The guys in Sonic Youth played (play?) their guitars by sticking drumsticks under the strings and hitting them. Does taht count?

Tommy Hall played amplified jug in the Thirteenth Floor Elevators.

It wasn’t rock, but Ellen Fullman did this thing called “The Long Stringed Instrument” which was a bunch of strings stretched up to 100 feet across a room. She (and her assistants) played it by rosining up her fingers and using them as bows. The website mentions that the notes were longitudinal waves across the strings, as opposed to the simple vibrations of most stringed instruments.

(Oh great…)

Preview is good. Actually reading the post while previewing is better!

On Nirvana’s “Nevermind” album you can hear Kurt squeaking a rubber duck in the song “Drain You”. In one of Tori Amos’ songs on “Boy’s for Pele” it’s said there is the voice of one of those pull-string voice boxes from a Peter Pan doll (though I can’t say I ever spotted it myself).

Anastasio was playing a deer antler that was attached to his guitar during the Oysterhead show at the Aragon (Chicago) on Friday night. It sounded like a theramin warmed up a bit by electric guitar tones. From what we could see he was playing it by pinching the air above the points of the antler and drawing his hand up and away. It’s possible that, protruding from the antler points there was some filament that he was pinching, rather than thin air. The motion did not always succeed in producing the spacy noises.

Was there anyone near the front at that show who has a more informed opinion of what the heck that was all about?

It reminded me of the musical saw. It’s cool and trippy for about 5 minutes tops - IIRC he was noodling around with it for more than 10, and it started to get boring. I listened to the CD again and heard it mixed nicely into the songs. I wonder if it was Trey or Languedoc who came up with it.

There is/was a German group called Einsturzen Neubauten (I think that is spelled correctly) which routinely used kitchen appliances and power tools. Hardly a mainstream rock group though.

“Legs” Larry Smith is rock’s best tap dancer, performing on Elton John’s “I Think I’m Gonna Kill Myself” as well as with the Bonzo Dog Band.

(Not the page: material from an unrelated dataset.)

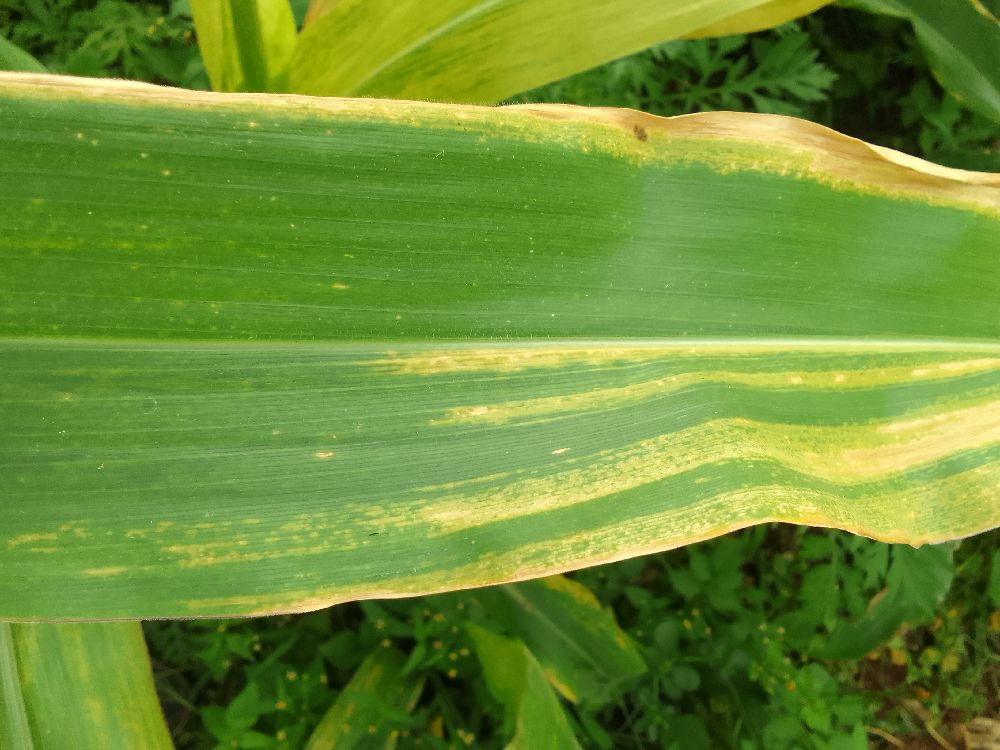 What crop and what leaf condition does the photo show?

And, of course, there are the guest musicians on the Bonzo’s “The Intro and the Outro”: Eric Clapton on ukelele, Adoph Hitler on Vibes, General de Gaulle on accordian, Roy Rogers on Trigger, etc. They also included in their act such instruments as the trouse press, euphonium, slide whistle, rhythm pole, etc.

John Entwhistle of the Who plays French horn on occasion.

Roy Wood once recorded a song called “Wake Up” (from the long lost Boulders album) which used a toilet plunger in it’s original use as a rhythm instrument.

Wendy O. Williams of the Plasmatics played the chainsaw and the shotgun.

Oingo Boingo often incorporates African balafons (wooden xylophones), notably in the song “Grey Matter.” Their “Nothing to Fear” album also utilizes something called a “rhumbaphone” on several tracks. I’m not exactly sure what it is, but the album credits a band member with designing them.

Billy-

Ahhh! I’m not crazy. Before I saw them, my brother had told me that he’d heard that Trey sometimes used a theremin during their shows. So I was on the lookout for that. And I noticed in the video of Shadow of a Man on their website, he was doing something weird with that antler guitar. At the concert, I realized he was moving his hands around it and grabbing it and such, so I came to the conclusion you did. I saw them Saturday night; if any of y’all get a chance to see them, I’d recommend it. Also, if anyone has any idea on how to get therimin guts into an antler (or anything else) and wire it through a guitar, I’d like to know.

-Neil

Yabob, I tried this topic a while ago. I hope this link works:

http://boards.straightdope.com/sdmb/showthread.php?threadid=82579

Although it tended to drift off the “rock acts” topic after a while, it was pretty fun. I had been originally looking for “mainstream” bands and actual instruments, but people tended to count sound effects and such rather than just instruments.